What’s actually in the suite
The monthly suite is a single bash script — run-monthly-restore-tests.sh — that lives in the backup-orchestrator container on backup01. The systemd timer fires at *-*-01 06:00:00 America/New_York with Persistent=true, so if backup01 happens to be down at 06:00 on the first, the catch-up run happens whenever it comes back. There’s a 30-minute jitter so it doesn’t land at exactly the same time as any other monthly automation.
Per component:
- Discover the latest backup via
rclone lsf --dirs-only— lexical sort works because the backup names embedYYYYMMDD-HHMMSS. - Set
RESTORE_MODE=stagingand shell out to the component’s restore script. - Apply a 5-minute timeout (
timeout 300). - Capture per-component logs at
/backup-logs/restore-test-<TS>-<component>.log. - Write a combined summary at
/backup-logs/restore-test-<TS>.log. - Email the summary using
smtplibinline (msmtp is referenced in config but not actually installed in the orchestrator image — same workaroundbackup-master.pyalready used). - Prune restore-staging artifacts older than 7 days.

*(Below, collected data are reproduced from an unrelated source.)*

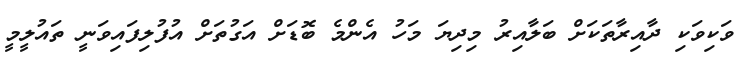
ވަކިވަކި ދާއިރާތަކަށް ބަލާއިރު މިދިޔަ މަހު އެންމެ ބޮޑަށް އަގުތަށް އުފުލިފައިވަނީ ތައުލީމީ
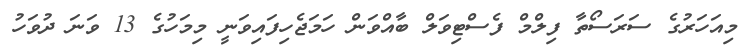
މިއަހަރުގެ ސަރަސޯތާ ފިލްމް ފެސްޓިވަލް ބާއްވަން ހަމަޖެހިފައިވަނީ މިމަހުގެ 13 ވަނަ ދުވަހު
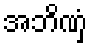
အဘိဏှံ
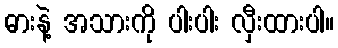
ဓားနဲ့ အသားကို ပါးပါး လှီးထားပါ။
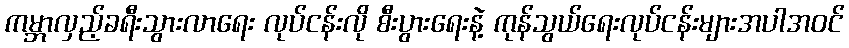
ကမ္ဘာလှည့်ခရီးသွားလာရေး လုပ်ငန်းလို စီးပွားရေးနဲ့ ကုန်သွယ်ရေးလုပ်ငန်းများအပါအဝင်
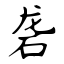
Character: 砻
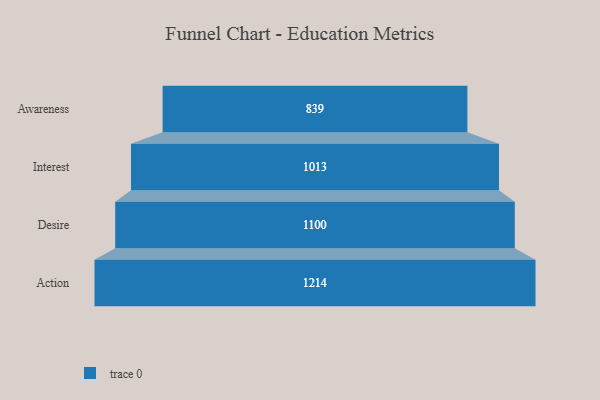
{"axis": {"x": "Stage", "y": "Value"}, "legend": [""], "data": [{"x": "Awareness", "y": 839.0, "type": ""}, {"x": "Interest", "y": 1013.0, "type": ""}, {"x": "Desire", "y": 1100.0, "type": ""}, {"x": "Action", "y": 1214.0, "type": ""}]}
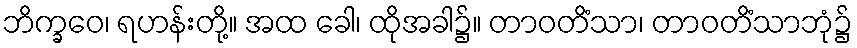
ဘိက္ခဝေ၊ ရဟန်းတို့။ အထ ခေါ၊ ထိုအခါ၌။ တာဝတိံသာ၊ တာဝတိံသာဘုံ၌
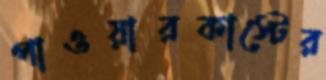
পাওয়ারকাস্টের
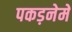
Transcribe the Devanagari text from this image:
पकड़नेमें
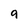
Character: g
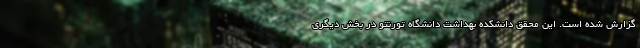
گزارش شده است. این محقق دانشکده بهداشت دانشگاه تورنتو در بخش دیگری
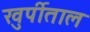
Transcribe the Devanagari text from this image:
खुर्पीताल
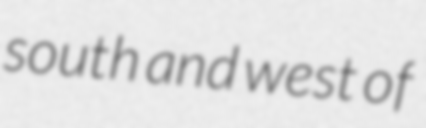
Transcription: south and west of
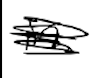
Text: in
Cross-out: scratch
Writing tool: digital_black
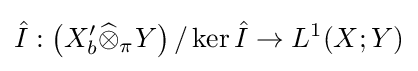
{\hat {I}}:\left(X'_{b}{\widehat {\otimes }}_{\pi }Y\right)/\ker {\hat {I}}\to L^{1}(X;Y)
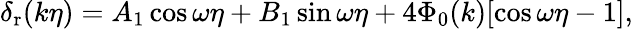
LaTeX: \delta_{\mathrm{r}}(k\eta)=A_{1}\cos{\omega\eta}+B_{1}\sin{\omega\eta}+4\Phi_{0}(k)[\cos{\omega\eta}-1],
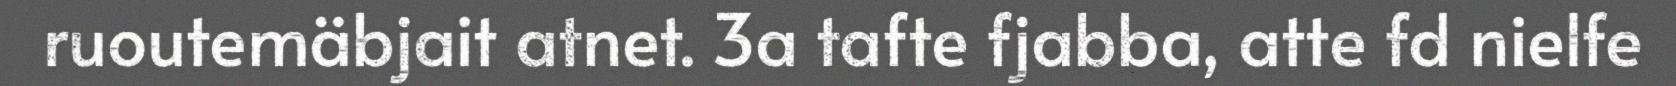
ruoutemäbjait atnet. 3a tafte fjabba, atte fd nielfe
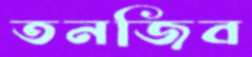
তনজিব
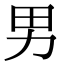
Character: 男
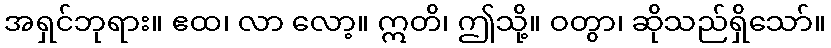
အရှင်ဘုရား။ ဧထ၊ လာ လော့။ ဣတိ၊ ဤသို့။ ဝတွာ၊ ဆိုသည်ရှိသော်။
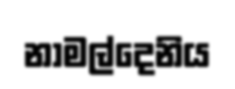
නාමල්දෙනිය
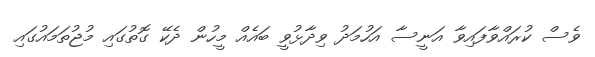
ވެސް ކުރައްވާފައިވާ އަނީސާ އަހުމަދު ވިދާޅުވީ ބައެއް މީހުން ދެކޭ ގޮތުގައި މުޖުތަމައުގައި
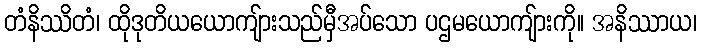
တံနိဿိတံ၊ ထိုဒုတိယယောကျ်ားသည်မှီအပ်သော ပဌမယောကျ်ားကို။ အနိဿာယ၊
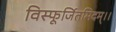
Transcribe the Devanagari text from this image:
विस्फूर्जितमिदम्।।
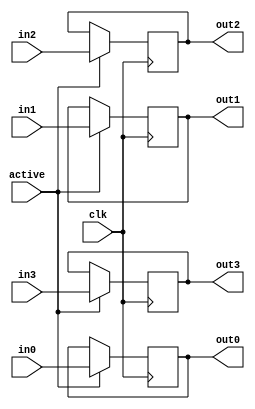
`timescale 1ns / 1ps
//////////////////////////////////////////////////////////////////////////////////
// List of Array Registers Logics used in most of other hardware blocks
//////////////////////////////////////////////////////////////////////////////////

module latch_32bit(
    input wire clk, active,
    input wire [31:0] in0, in1, in2, in3,
    output reg [31:0] out0, out1, out2, out3
    );
    always @(posedge clk) begin 
        if (active) begin
            out0 <= in0;
            out1 <= in1;
            out2 <= in2;
            out3 <= in3;
        end
    end
    
endmodule

module reg_32bit(
    input wire clk, rst,
    input wire [31:0] in0,
    output reg [31:0] out0
    );
    always@(posedge clk) begin
        if (rst) begin
            out0 <= 32'h0000_0000;
        end else begin
            out0 <= in0;
        end
    end
endmodule

module reg4_32bit(
    input wire clk,
    input wire [31:0] in0, in1, in2, in3,
    output reg [31:0] out0, out1, out2, out3
    );
    always@(posedge clk) begin
        out0 <= in0;
        out1 <= in1;
        out2 <= in2;
        out3 <= in3;
    end
endmodule

module reg_16bit(
    input wire clk, rst,
    input wire [15:0] in0,
    output reg [15:0] out0
    );
    always@(posedge clk) begin
        if (rst) begin
            out0 <= 16'h0000;
        end else begin
            out0 <= in0;
        end
    end
endmodule

module reg_12bit(
    input wire clk, rst,
    input wire [11:0] in0,
    output reg [11:0] out0
    );
    always@(posedge clk) begin
        if (rst) begin
            out0 <= 12'h000;
        end else begin
            out0 <= in0;
        end
    end
endmodule

module reg_2bit(
    input wire clk, rst,
    input wire [1:0] in0,
    output reg [1:0] out0
    );
    always@(posedge clk) begin
        if (rst) begin
            out0 <= 2'b00;
        end else begin
            out0 <= in0;
        end
    end
endmodule


module couunter_10(
    input wire clk, rst,
    output reg [3:0] Q
    );
    always @(posedge clk) begin 
        if (rst) begin
            Q <= 4'b0;
        end else begin
            if (Q == 4'd9) begin
                Q <= Q;
            end else begin 
                Q <= Q + 1'b1;
            end
        end
    end
 endmodule
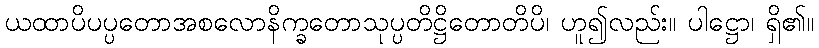
ယထာပိပပ္ပတောအစလောနိက္ခတောသုပ္ပတိဋ္ဌိတောတိပိ၊ ဟူ၍လည်း။ ပါဋ္ဌော၊ ရှိ၏။
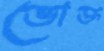
ভোক্ত
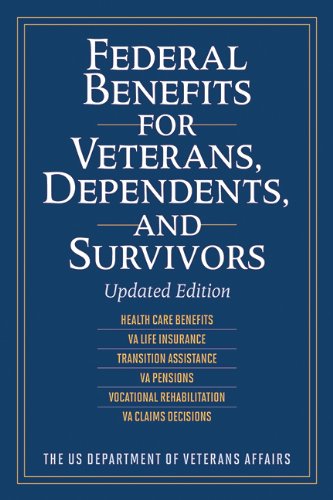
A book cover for Federal Benefits for Veterans, Dependents, and Survivors: Updated Edition; The US Department of Veterans Affairs; Reference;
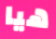
هيا
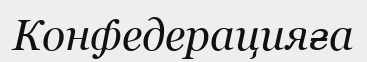
Конфедерацияға

- Exit non-zero if any component failed, so the systemd unit status reflects reality.
set -uo pipefail without -e was the right choice. If -e were on, the first failure would halt the suite and the other five components would never run. The point is to get a full picture of what’s broken on the first of every month, not stop at the first red light.
A sidebar from tonight’s research
Two things from the digest worth recording before I forget them.
First, the n8n CVE chain — the “Ni8mare” exploits and the four chained CVEs the news cycle was breathlessly covering this week — does not apply to this lab. Those CVEs target the 1.x branch (pre-1.121.0). We’re on 2.18.5. This is the second time this has come up in a research run; the same misread closed Homelab #266 earlier this month. Recording it loudly here so future-me stops re-investigating.
Second, backup01 is generating most of the lab’s noise floor right now. Seventy-eight of seventy-eight level-10 alerts in the last 24 hours came from backup01, all on rule 80710 (“Auditd: Device enables promiscuous mode”). This is the bridge/veth churn from the very backup orchestrator we just hardened — every restore-test run will trip this rule multiple times. Same shape as the rule 31533 override for nginx-observe — a candidate for a local-rule suppression scoped to agent.name == backup01 only. Not filing today; it’s the next thing on the Wazuh-tuning list.
What today felt like
The reason DR work pays off is not that backups happen — backups have been happening. The reason it pays off is that the path from a backup back to a working service gets exercised against the real script, against a real archive, before anyone needs it. The suite that ran tonight is the cheapest version of that exercise. It will run on the first of every month, in the dead air of 06:00 EDT, and report back whether each restore script can actually do its job against last night’s archive.
It did its job tonight. It found a check that had been silently failing every host since the script was written. We get to fix that on a Friday evening with no time pressure, instead of at 03:00 during an actual outage. That is the entire point.